Presently, I struggle with The Curse of the First Chapter. (Which, if you ask me, really ought to be a Hardy Boys Mystery. It would, of course, involve a Ghost Writer. Ooooh, new tangent…a Ghost Writer who is actually a GHOST Writer. Wait…where was I…?) Right…writing and the joys thereof. Continue.

I have been writing the same series of book for about…three…or ten…years, depending on when you actually start to count scribbling as an real book. I have managed hundreds of thousands of words. And I have re-written the first chapter of Book One about nine billion times now.*

(*Only a slight exaggeration.)

My work does seem to be getting marginally better.
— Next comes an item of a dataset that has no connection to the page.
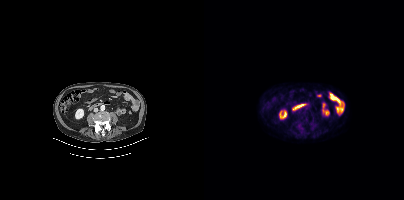
Paired axial CT (left) and PSMA PET (right), [18F]PSMA-1007 tracer. Acquired on Siemens Biograph mCT Flow 20. PET panel 200×200 px (4.1 mm/px). No tumor lesions annotated on this slice.
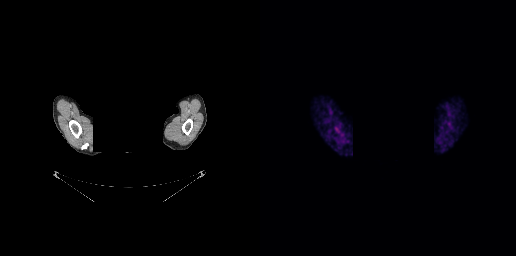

I no longer have meetings clogging up my book. (I hate them in real life, why would I write one into my book unless everyone gets blown out an airlock and dies a mercifully swift death?) I am learning to weed out the miscellaneous extra characters that have populated my novel like ants at a picnic. (Don’t worry, there will be a remedial course in over-used metaphors in my near future.)** But I cannot seem to be happy with anything for long.

Photo courtesy of by Photo Explorer 

Ant Problem
**Also, I tried to make a pun about nuis-ants at a picnic implying nuisance characters in a book, but even I can see a lead balloon filled with hot air…

And, of course, I refuse to show My Precious to anyone. Copyright infringement notwithstanding, Tolkien wasn’t far wrong about how obsessive someone can get about having the power to rule the world—which is pretty much how I see writing. I rule the universe I have made. I am a petty god and I want sole discretion to build and destroy it at a whim. But like many a creator god, I want a bevy of worshippers to look on my work to fall down in awe and be sore afraid. Just…not afraid to read it.